夢の言葉と約束の翼(下)【夢の言葉続編⑦】
それはずっと、この邸に勤める者みんなが主人に感じてほしいと思っていた事。
褒めてほしい訳ではない。特別な対応なんてしてくれなくてもいい。
ただ……。
「使用人は物じゃない。貴方の欲を満たす為の道具じゃないわ!
みんなが微笑ってくれて、仕事を少しでも楽しいって感じてくれた方が、嬉しいじゃない?

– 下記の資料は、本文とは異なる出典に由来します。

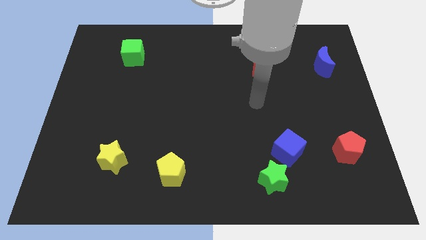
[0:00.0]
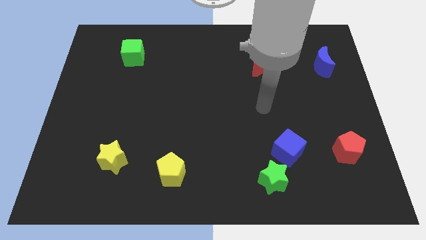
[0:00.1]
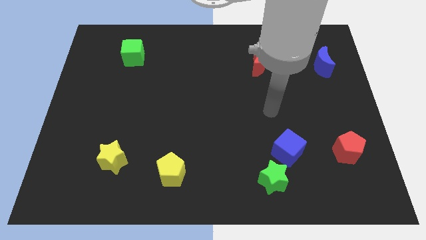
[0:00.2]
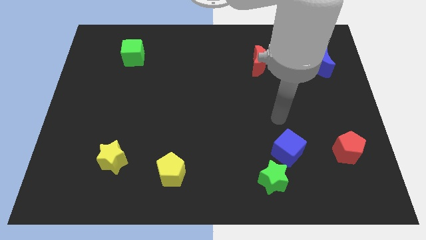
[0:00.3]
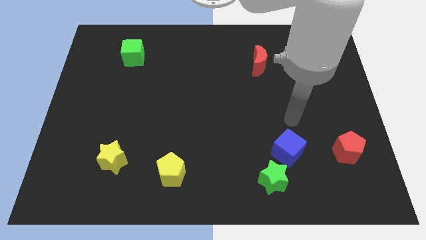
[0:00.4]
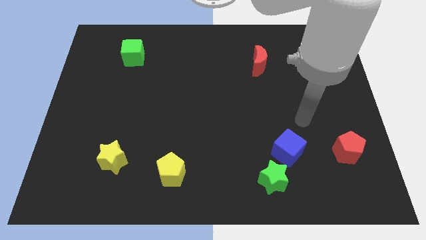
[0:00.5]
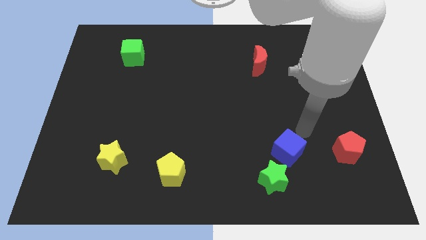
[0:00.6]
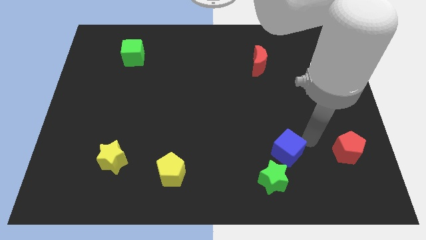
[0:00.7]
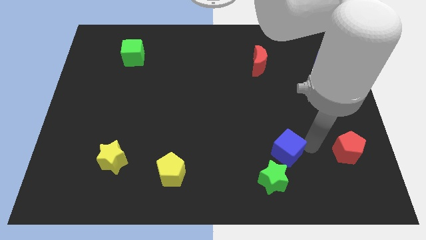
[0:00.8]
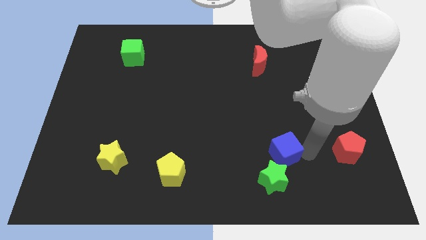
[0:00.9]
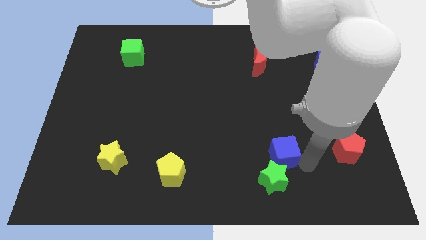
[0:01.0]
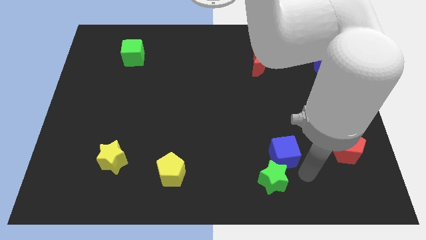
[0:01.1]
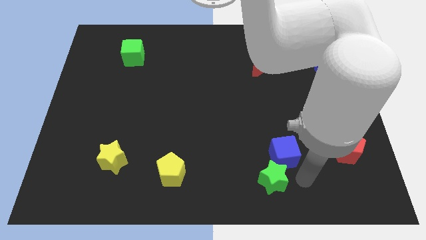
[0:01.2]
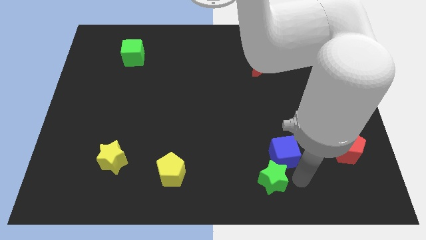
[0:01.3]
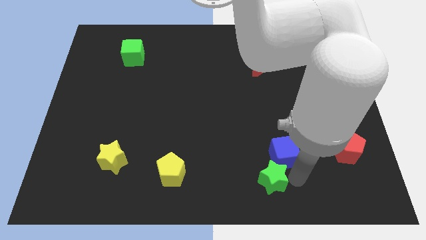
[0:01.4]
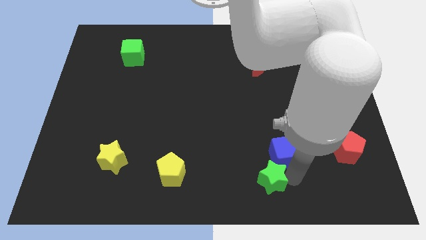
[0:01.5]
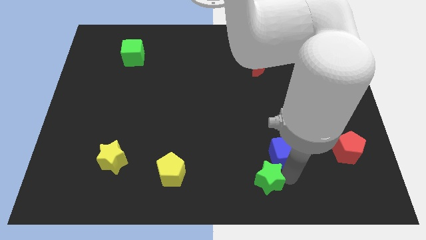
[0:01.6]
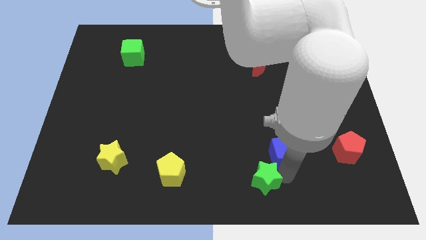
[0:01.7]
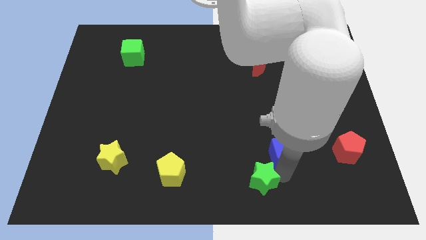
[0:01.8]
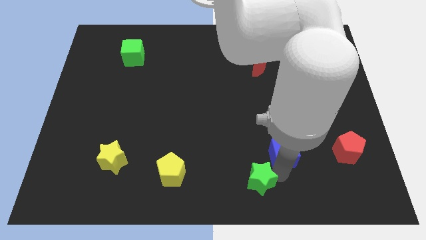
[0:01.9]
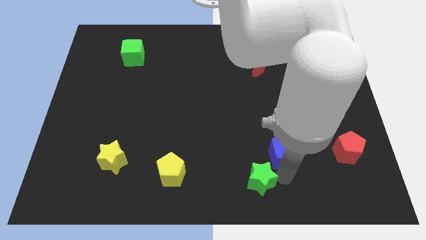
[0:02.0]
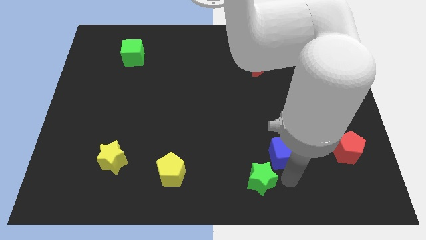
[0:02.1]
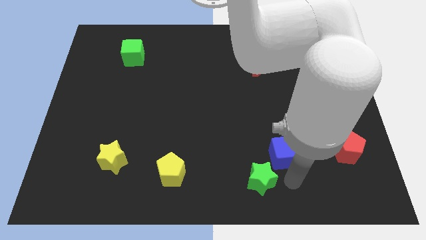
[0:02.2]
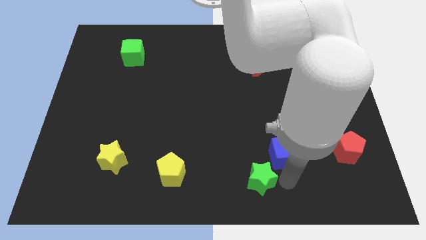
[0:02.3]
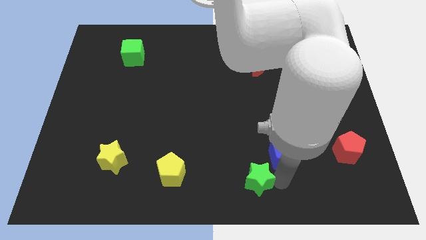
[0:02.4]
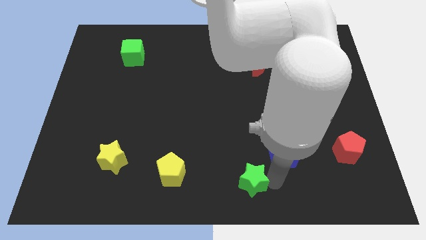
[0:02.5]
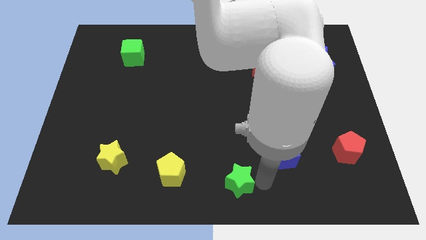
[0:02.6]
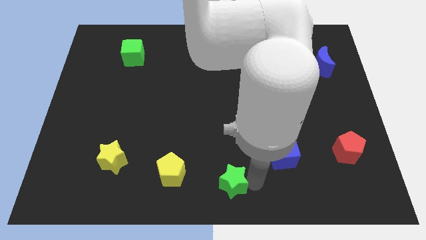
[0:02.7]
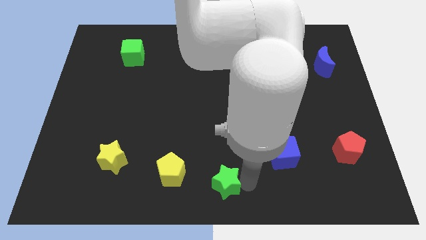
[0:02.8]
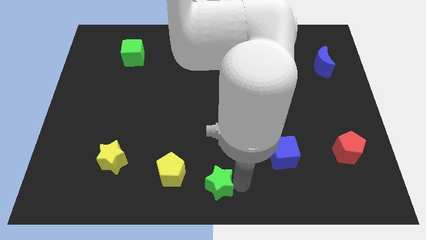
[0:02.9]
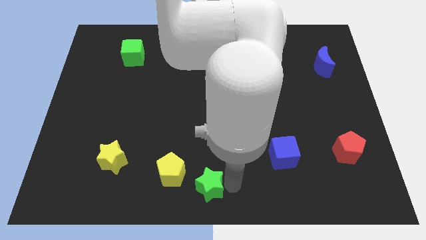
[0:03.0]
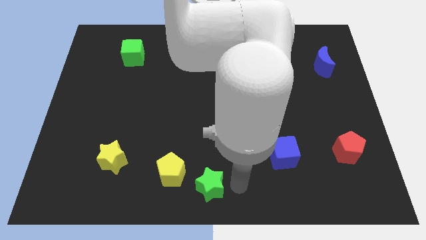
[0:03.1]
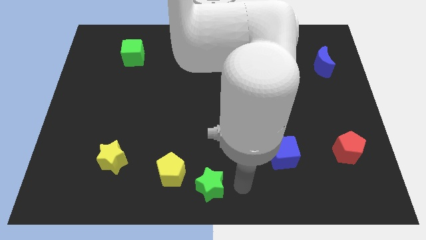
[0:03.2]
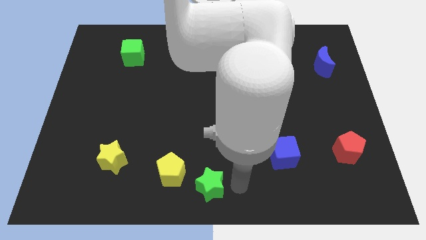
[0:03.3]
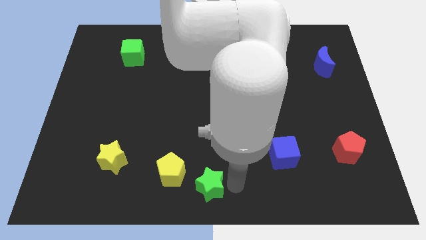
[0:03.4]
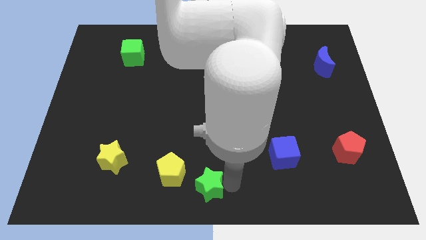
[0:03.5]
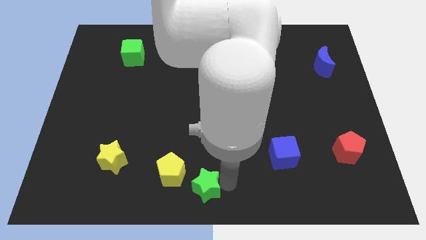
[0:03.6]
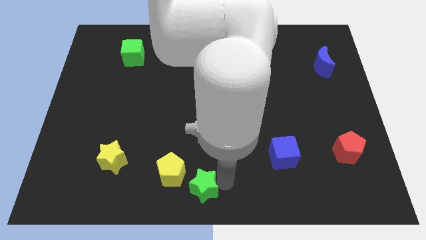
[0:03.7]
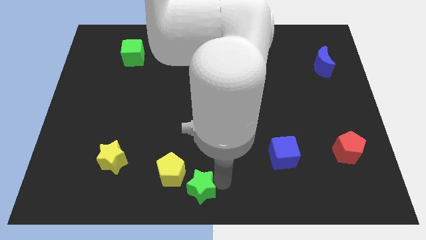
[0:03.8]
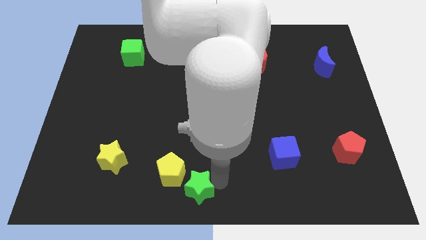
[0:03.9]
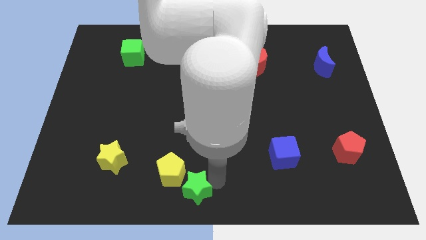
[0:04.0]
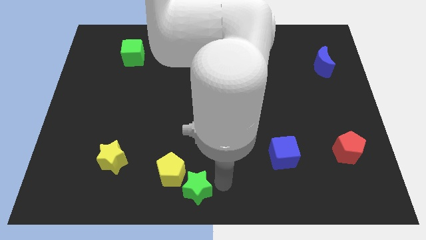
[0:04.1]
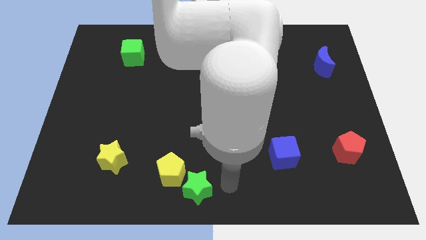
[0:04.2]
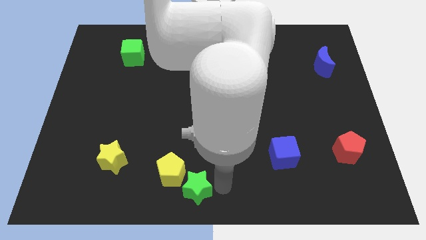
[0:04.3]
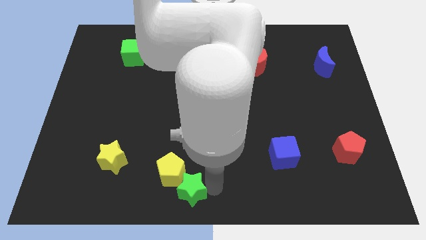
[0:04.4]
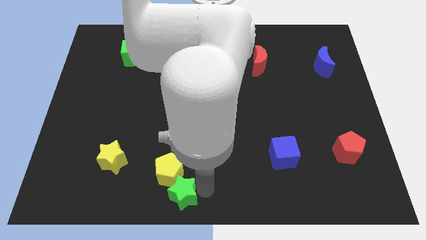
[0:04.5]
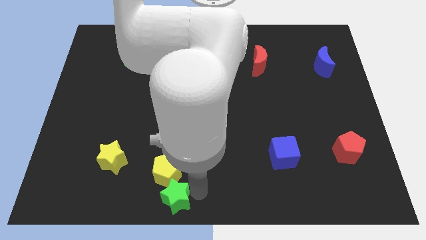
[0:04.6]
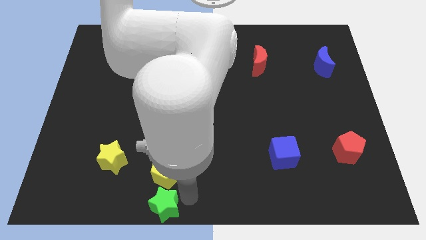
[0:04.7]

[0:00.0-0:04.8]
slide the green star to the left

貴方だって、どうせなら笑顔でお出迎えしてもらえる方が、嬉しいほしいでしょう?」
奥様は今まで誰も口に出来なかった想いを口にして、にっこりと微笑んだ。
その笑顔は本当に本当にお美しくて、みんな視線を逸らす事が出来なくなっていた。
そして、そんな柔らかな空間に響くのは、笑い声。
「ふっ、……あははははっ!」
それはこの場で誰もが予想しなかった、私達が初めて見て聞くアラン様の笑顔と笑い声だった。
その光景に、私の予感は確信に変わる。
この邸が……。いや、私達の主人が確実に変わっていく事を。
奥様が……。いや、アカリ様が変えて下さるのだと。